YOUR GOAL:
Keep the images out while you set down the data exactly.

Saved data entries
────
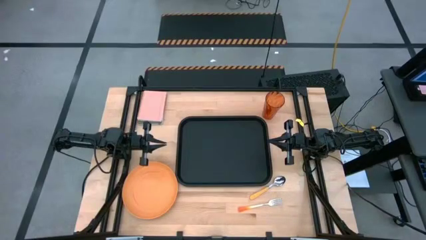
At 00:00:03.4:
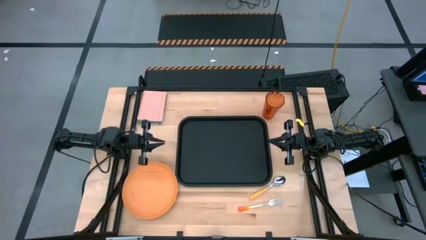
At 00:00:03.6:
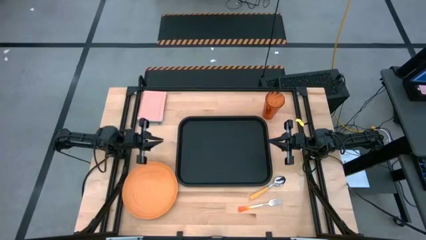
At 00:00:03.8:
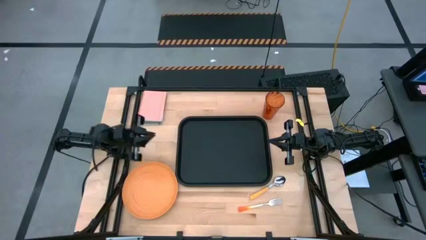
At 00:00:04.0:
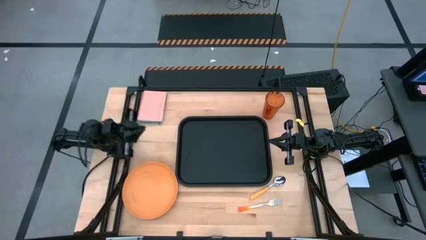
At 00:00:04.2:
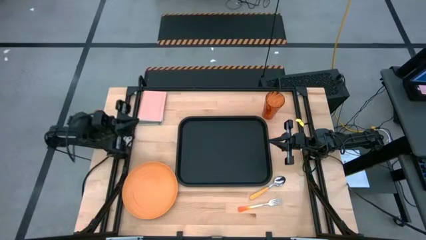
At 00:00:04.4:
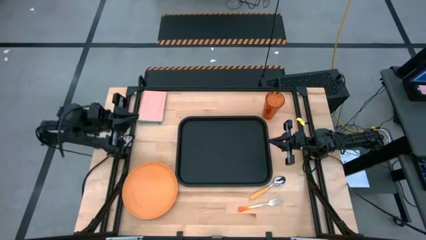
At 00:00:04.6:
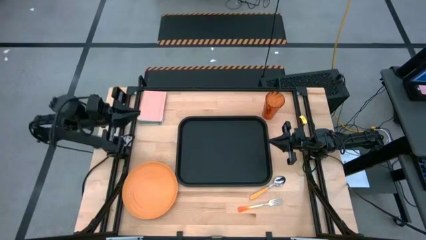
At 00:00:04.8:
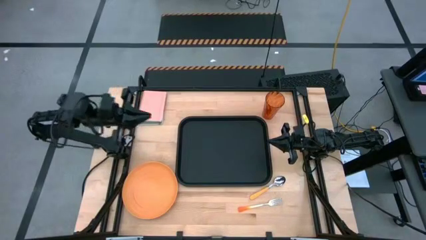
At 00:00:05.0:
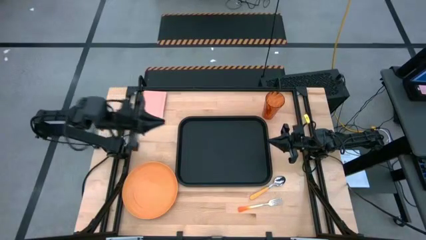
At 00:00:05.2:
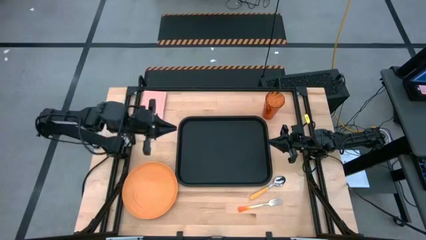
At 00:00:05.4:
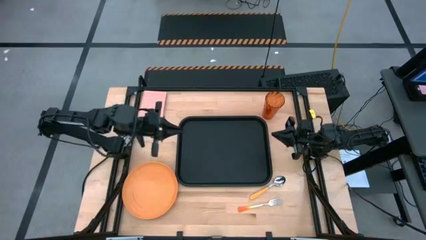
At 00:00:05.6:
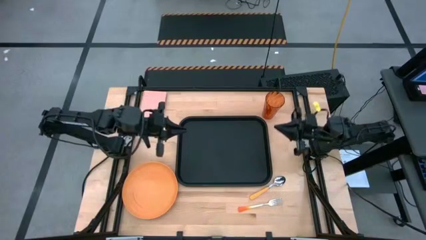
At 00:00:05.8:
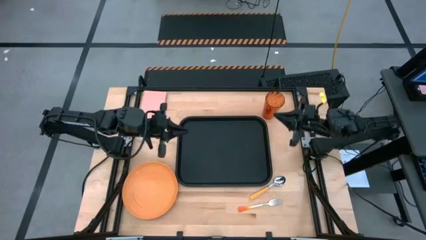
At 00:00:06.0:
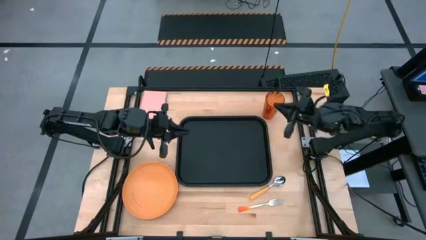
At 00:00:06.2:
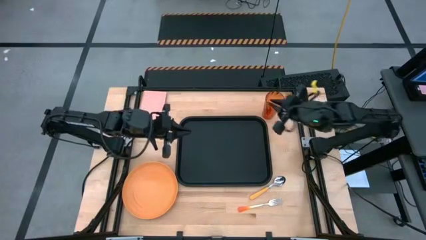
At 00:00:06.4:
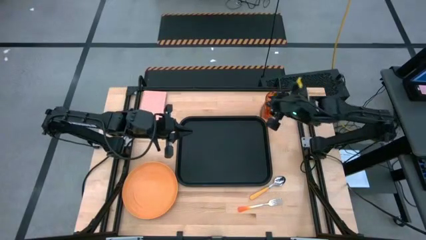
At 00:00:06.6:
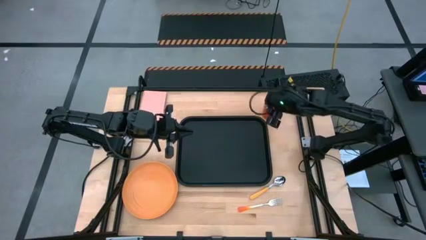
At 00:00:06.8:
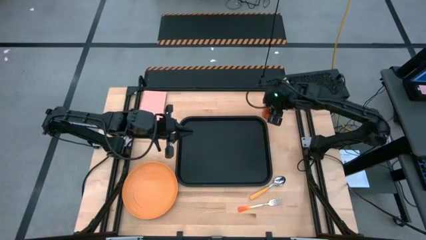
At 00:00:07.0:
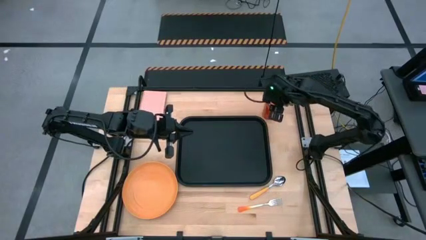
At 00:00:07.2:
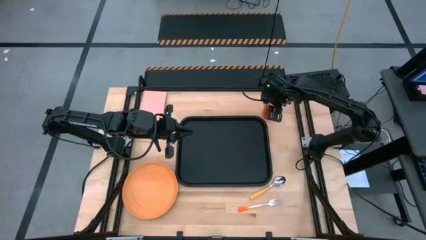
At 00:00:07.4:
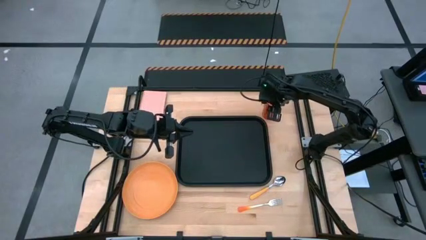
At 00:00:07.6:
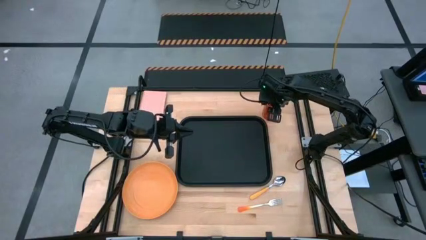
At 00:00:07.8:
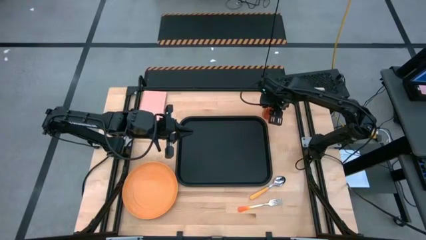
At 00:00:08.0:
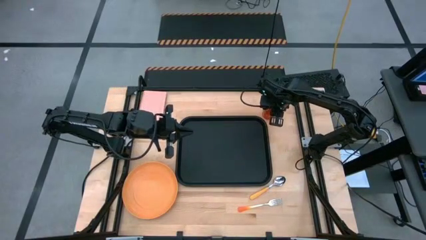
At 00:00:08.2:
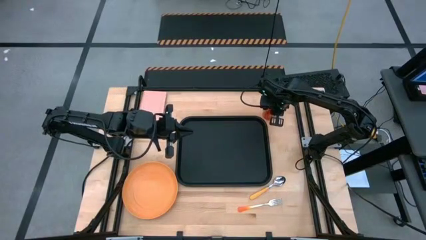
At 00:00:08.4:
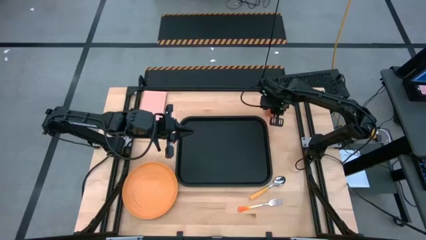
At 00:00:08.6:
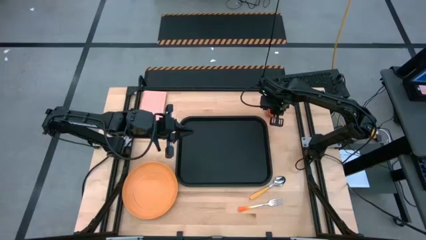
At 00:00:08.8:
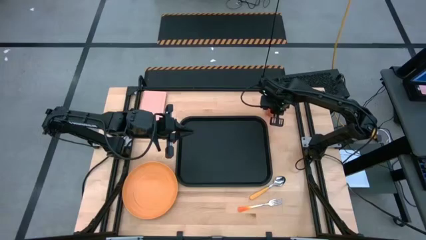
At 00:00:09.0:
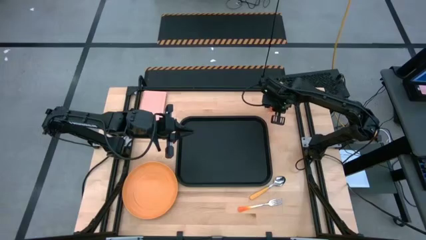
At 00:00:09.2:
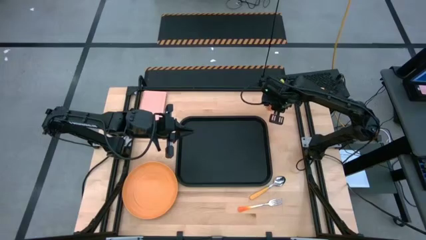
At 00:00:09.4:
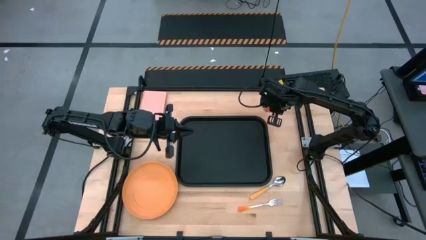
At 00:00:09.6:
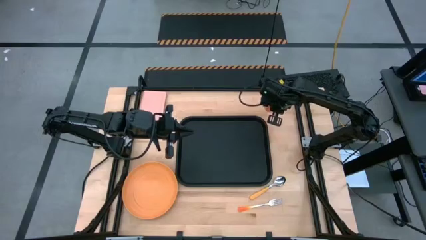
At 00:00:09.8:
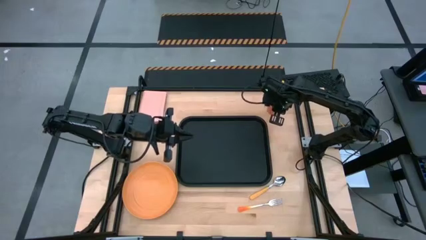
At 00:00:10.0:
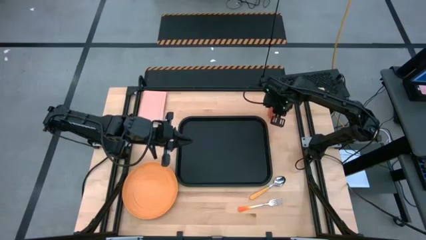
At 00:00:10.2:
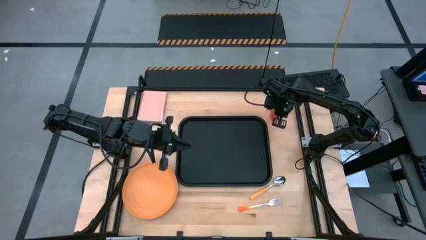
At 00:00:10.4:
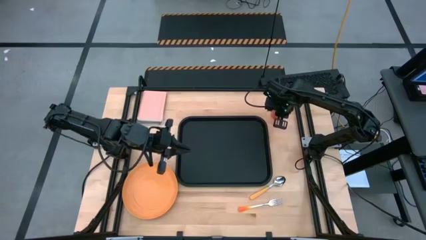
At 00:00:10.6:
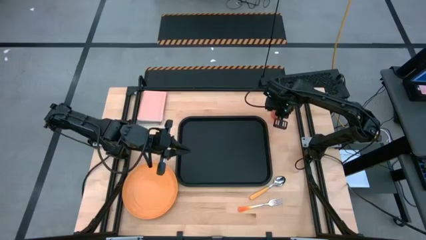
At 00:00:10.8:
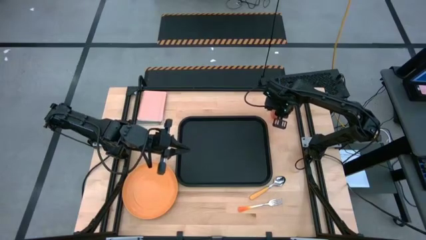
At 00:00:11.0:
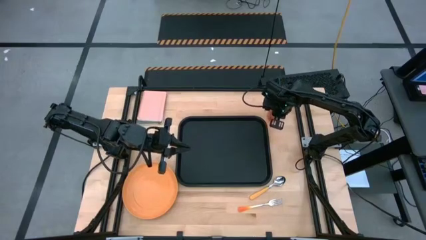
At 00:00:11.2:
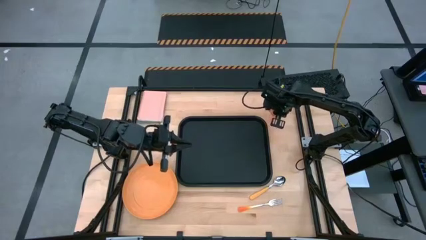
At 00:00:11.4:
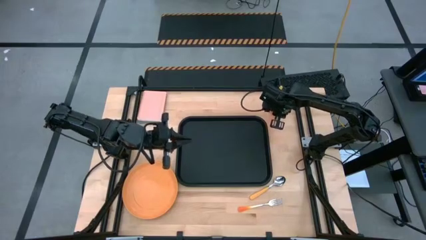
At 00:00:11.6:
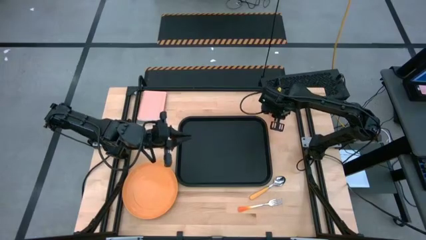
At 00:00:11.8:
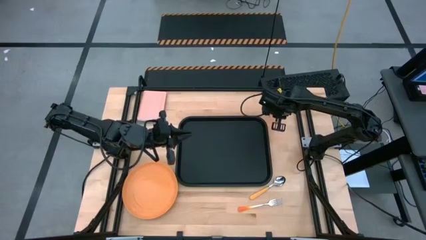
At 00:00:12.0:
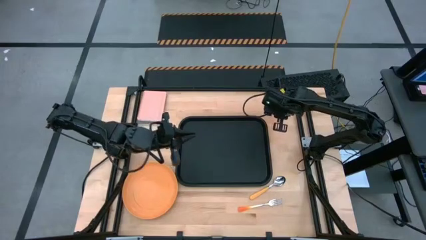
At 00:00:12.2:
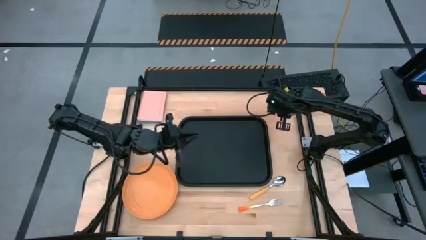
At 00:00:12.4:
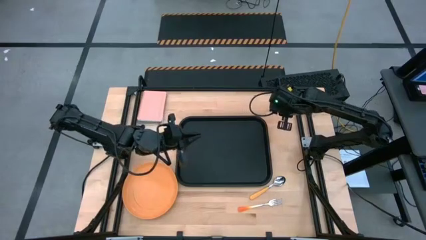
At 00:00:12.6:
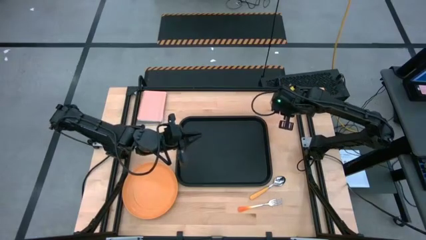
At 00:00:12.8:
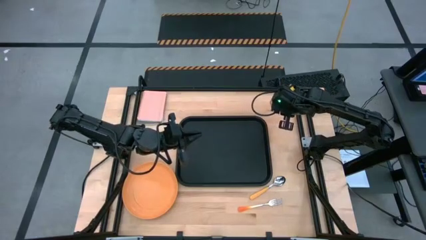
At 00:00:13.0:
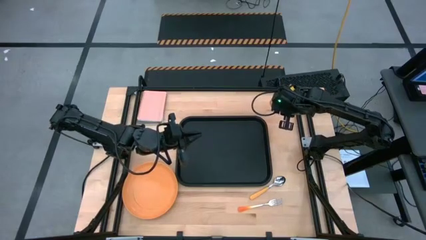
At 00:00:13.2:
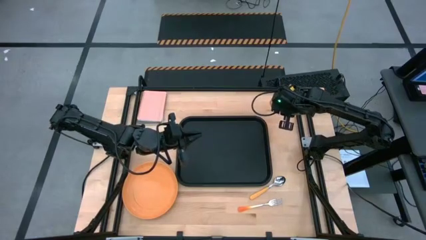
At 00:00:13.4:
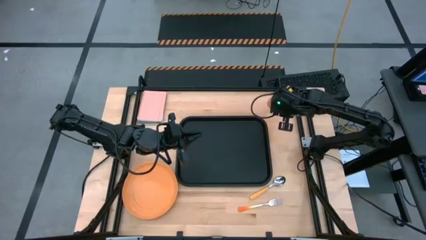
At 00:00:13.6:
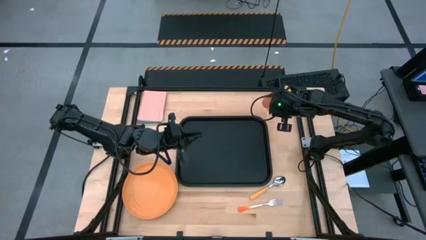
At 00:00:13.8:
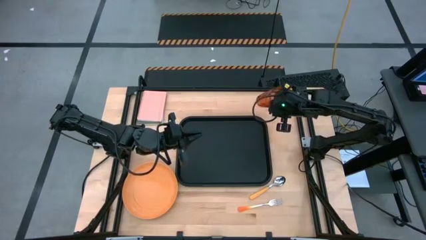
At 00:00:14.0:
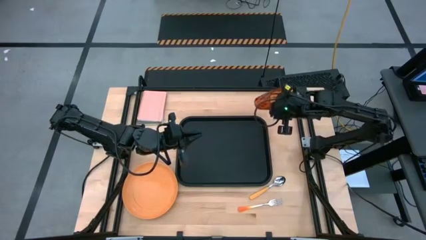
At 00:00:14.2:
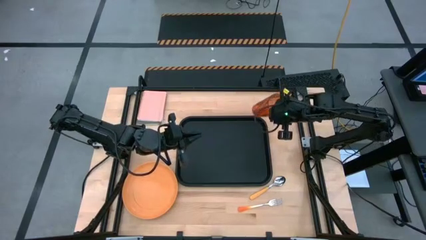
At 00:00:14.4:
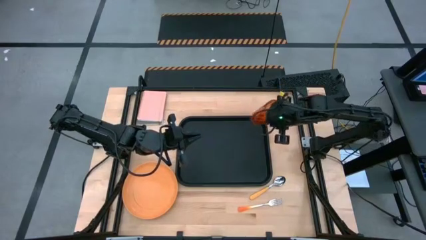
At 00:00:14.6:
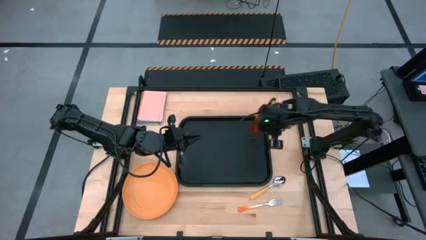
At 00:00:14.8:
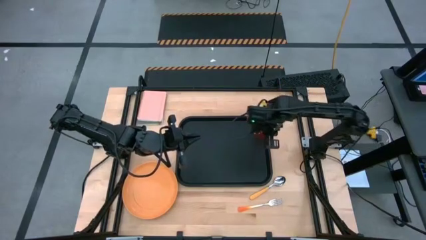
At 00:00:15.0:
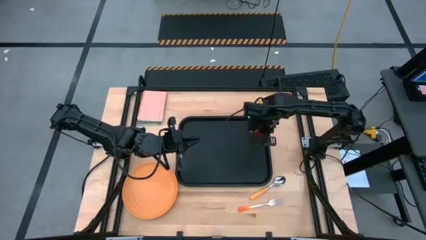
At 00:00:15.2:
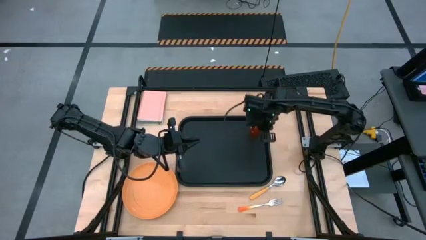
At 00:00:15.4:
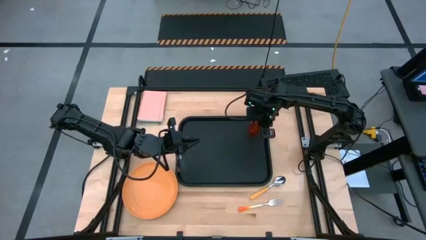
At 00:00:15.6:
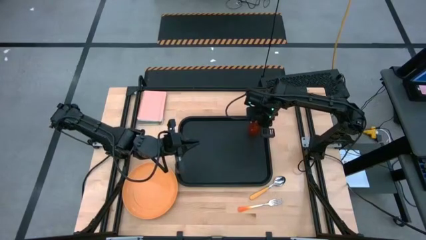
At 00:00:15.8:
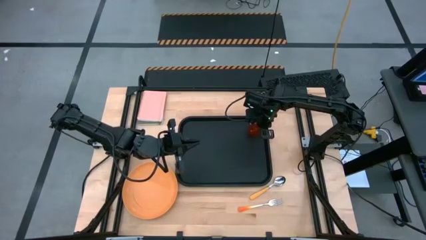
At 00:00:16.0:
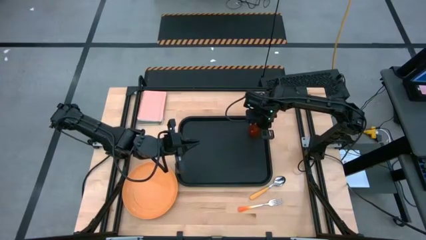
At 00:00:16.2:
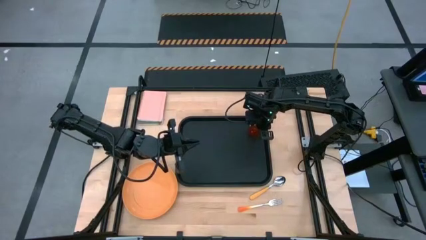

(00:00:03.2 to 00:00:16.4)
Task: Pick and place plate/cup/fork/spoon on tray
Put the brown glass cup on the right of the black tray
────
ANSWER TO THE PROBLEM:
At 00:00:03.4:
At 00:00:03.6:
At 00:00:03.8:
At 00:00:04.0:
At 00:00:04.2:
At 00:00:04.4:
At 00:00:04.6:
At 00:00:04.8:
At 00:00:05.0:
At 00:00:05.2:
At 00:00:05.4:
At 00:00:05.6:
At 00:00:05.8:
At 00:00:06.0:
At 00:00:06.2:
At 00:00:06.4:
At 00:00:06.6:
At 00:00:06.8:
At 00:00:07.0:
At 00:00:07.2:
At 00:00:07.4:
At 00:00:07.6:
At 00:00:07.8:
At 00:00:08.0:
At 00:00:08.2:
At 00:00:08.4:
At 00:00:08.6:
At 00:00:08.8:
At 00:00:09.0:
At 00:00:09.2:
At 00:00:09.4:
At 00:00:09.6:
At 00:00:09.8:
At 00:00:10.0:
At 00:00:10.2:
At 00:00:10.4:
At 00:00:10.6:
At 00:00:10.8:
At 00:00:11.0:
At 00:00:11.2:
At 00:00:11.4:
At 00:00:11.6:
At 00:00:11.8:
At 00:00:12.0:
At 00:00:12.2:
At 00:00:12.4:
At 00:00:12.6:
At 00:00:12.8:
At 00:00:13.0:
At 00:00:13.2:
At 00:00:13.4:
At 00:00:13.6:
At 00:00:13.8:
At 00:00:14.0:
At 00:00:14.2:
At 00:00:14.4:
At 00:00:14.6:
At 00:00:14.8:
At 00:00:15.0:
At 00:00:15.2:
At 00:00:15.4:
At 00:00:15.6:
At 00:00:15.8:
At 00:00:16.0:
At 00:00:16.2:

(00:00:03.2 to 00:00:16.4)
Task: Pick and place plate/cup/fork/spoon on tray
Put the brown glass cup on the right of the black tray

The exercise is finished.